During the night of the Passover, Yahweh sends his Destroyer out over Egypt to kill all the firstborns. The Israelites themselves are protected by the apotropaic blood rite of the Passover (#109-110): the lamb’s blood smeared on the doorposts of all the Israelites’ houses ward off the evil of the Destroyer. Thus they are commanded not to leave their houses “until morning”—lest Yahweh’s Destroyer strike them down too!
Yet later in the narrative (Ex 12:31-34) they do indeed leave their houses. First, Pharaoh cries with terror during the evening and beckons Moses and Aaron to come. And then we are informed that all of the children of Israel immediately depart, supposedly during the evening! Or is it?
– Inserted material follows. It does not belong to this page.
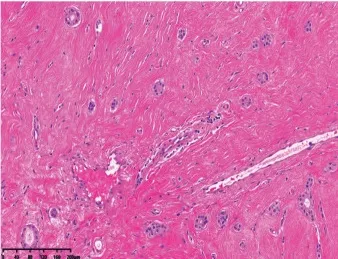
(B) Several scattered tubules are observed in the surrounding stroma. 40 mum.
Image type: pathology (h&e)

So a few things come to mind. First, the blood on the doorposts represent Jesus’s blood and the house represents the body of Christ. The Israelites in the house represents those in God’s kingdom so putting blood over the doorpost is covering ourselves with the blood of Christ so the enemy cannot destroy us. Therefore, Christ was died around 3pm and darkness was over all the land ( representing the night of the Passover in exodus ) since Jesus is the Passover, when he was found resurrected the next morning, that coincides with the death angel being conquered in the exodus Passover. The time between is unaccounted for so once the blood was placed on the doorposts, it didn’t matter when the people covered with the blood left their homes.
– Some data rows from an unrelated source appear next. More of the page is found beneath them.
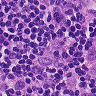
Metastatic tissue present: yes
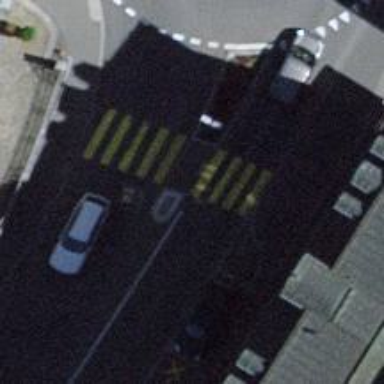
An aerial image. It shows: Uncontrolled zebra crossing with marked island on the road.
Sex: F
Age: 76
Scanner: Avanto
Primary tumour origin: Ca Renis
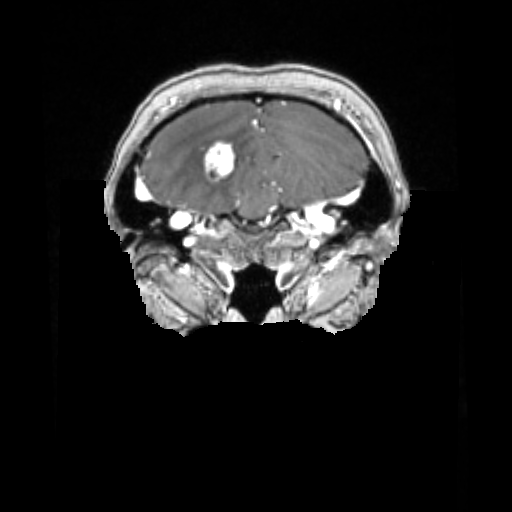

The other interesting point is that a day in the Jewish calender begins at sunrise and ends at sunset, not midnight to 11:59 pm like our day does, this is why Jesus could eat the Passover meal with the disciples, yet still be crucified on the same day, because in Jewish law, you could not murder someone during Passover but since He was tried at 9a, The meal was already finished the night prior and He died the same (Jewish ) day right before the day changed. It had to match the exodus Passover event in exodus 12 :)
God Bless
You are joking right? It’s been a while since I’ve seen such a gross, careless, and negligent display of ignorance toward these ancient texts. Really? None of what you have written is in the text, and this line of fanciful and abusive “interpretation” merely accomplishes one thing: it reveals your main concern is with your beliefs—i.e., it’s all about you and your beliefs—and conversely reveals your ignorance and/or lack of interest in what the text itself actually says on its own terms and in its own historical context, and conversely what it does not say. I apologize for my bluntness, but it’s hard to tolerate such disingenuous toward these ancient texts. With absolutely no knowledge about, nor concern for, the actual authors of these texts, what they intended, the whys behind the composition of their texts, to whom they were writing, prompted by what historical crisis, etc. you blatantly and carelessly impose your own beliefs and views onto these ancient documents. The text could almost say anything and you would merely transform it into confirming and stating your own personal beliefs—again, at the expense of (knowing) the text and its authors!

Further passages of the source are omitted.